Copy the records below exactly, but leave out any picture they contain.

(Data records)

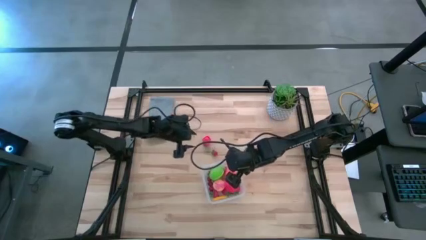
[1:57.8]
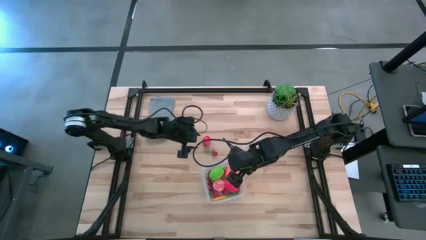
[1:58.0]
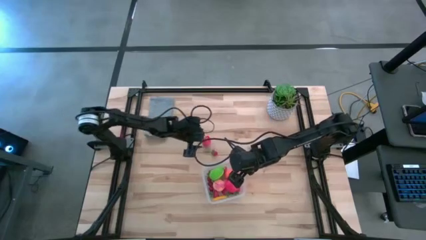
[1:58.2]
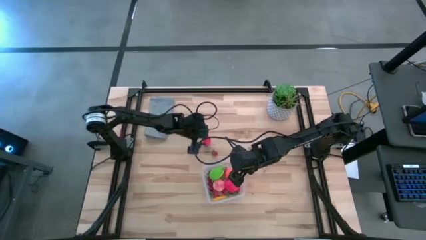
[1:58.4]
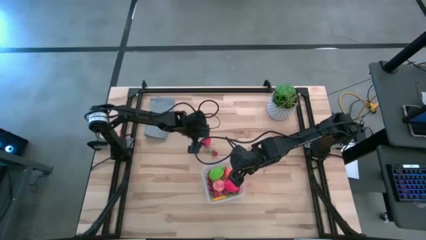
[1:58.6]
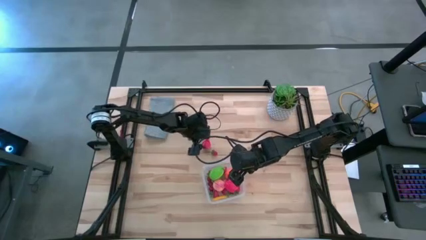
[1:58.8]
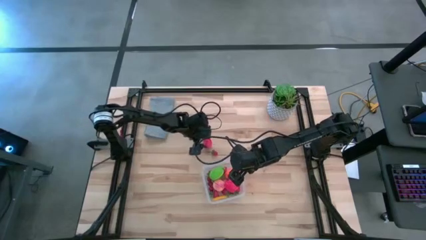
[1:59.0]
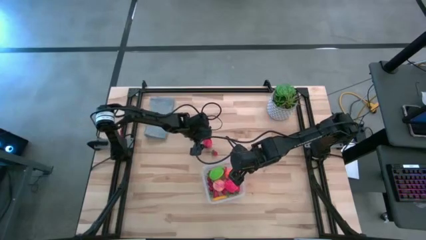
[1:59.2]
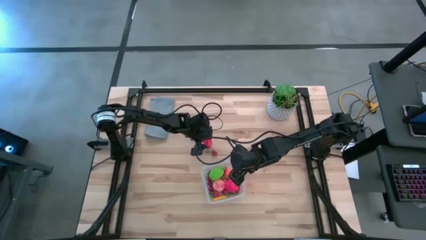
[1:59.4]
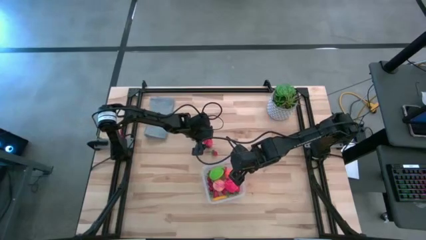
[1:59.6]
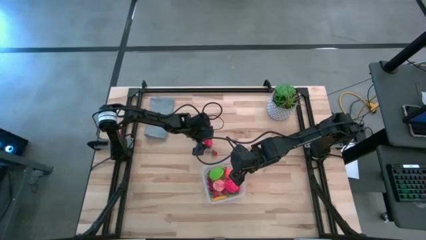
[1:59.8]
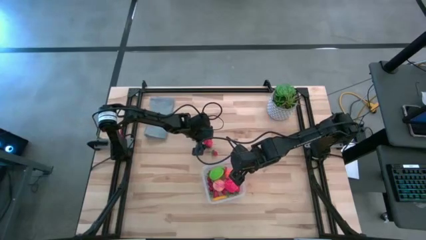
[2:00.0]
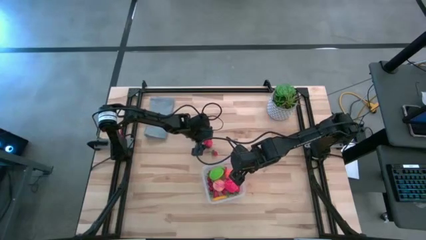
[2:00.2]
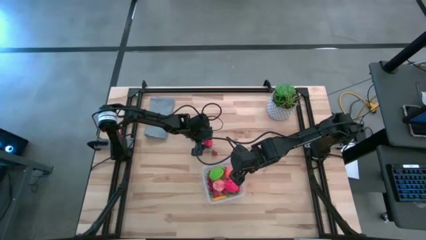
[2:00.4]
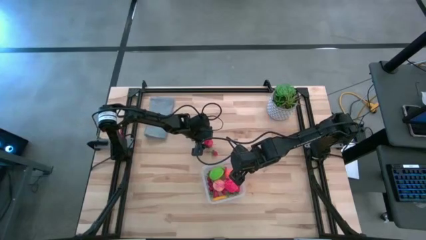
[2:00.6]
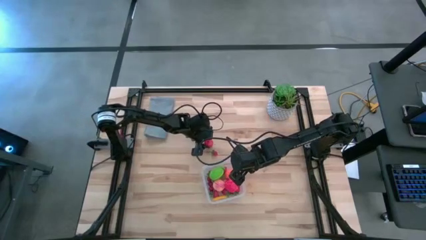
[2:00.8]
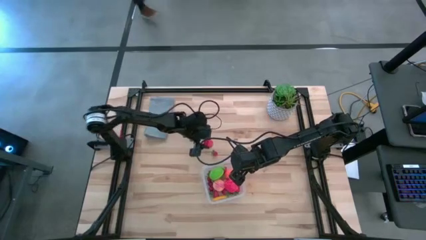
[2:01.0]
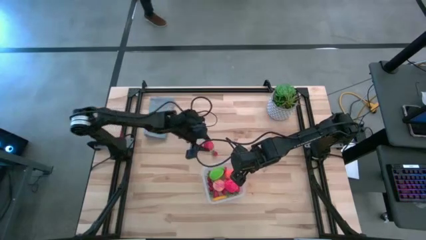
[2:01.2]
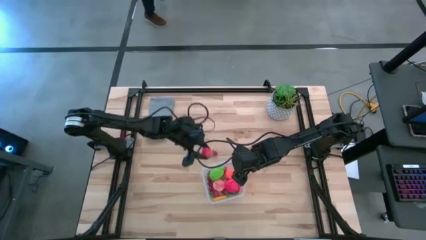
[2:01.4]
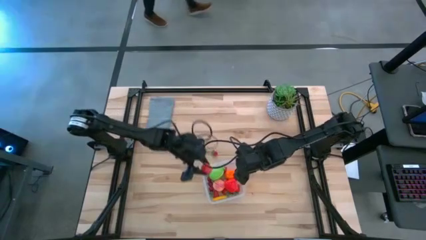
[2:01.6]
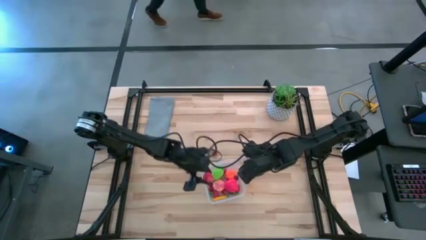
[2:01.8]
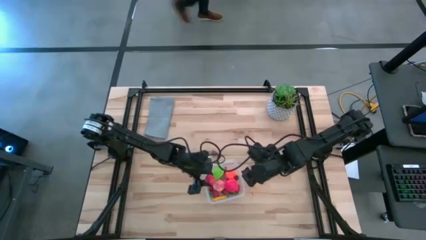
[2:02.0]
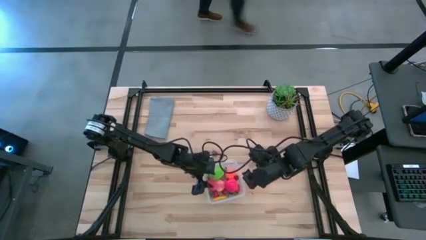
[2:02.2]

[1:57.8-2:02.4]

(End Data records)

Solution to this exercise:
[1:57.8]
[1:58.0]
[1:58.2]
[1:58.4]
[1:58.6]
[1:58.8]
[1:59.0]
[1:59.2]
[1:59.4]
[1:59.6]
[1:59.8]
[2:00.0]
[2:00.2]
[2:00.4]
[2:00.6]
[2:00.8]
[2:01.0]
[2:01.2]
[2:01.4]
[2:01.6]
[2:01.8]
[2:02.0]
[2:02.2]

[1:57.8-2:02.4]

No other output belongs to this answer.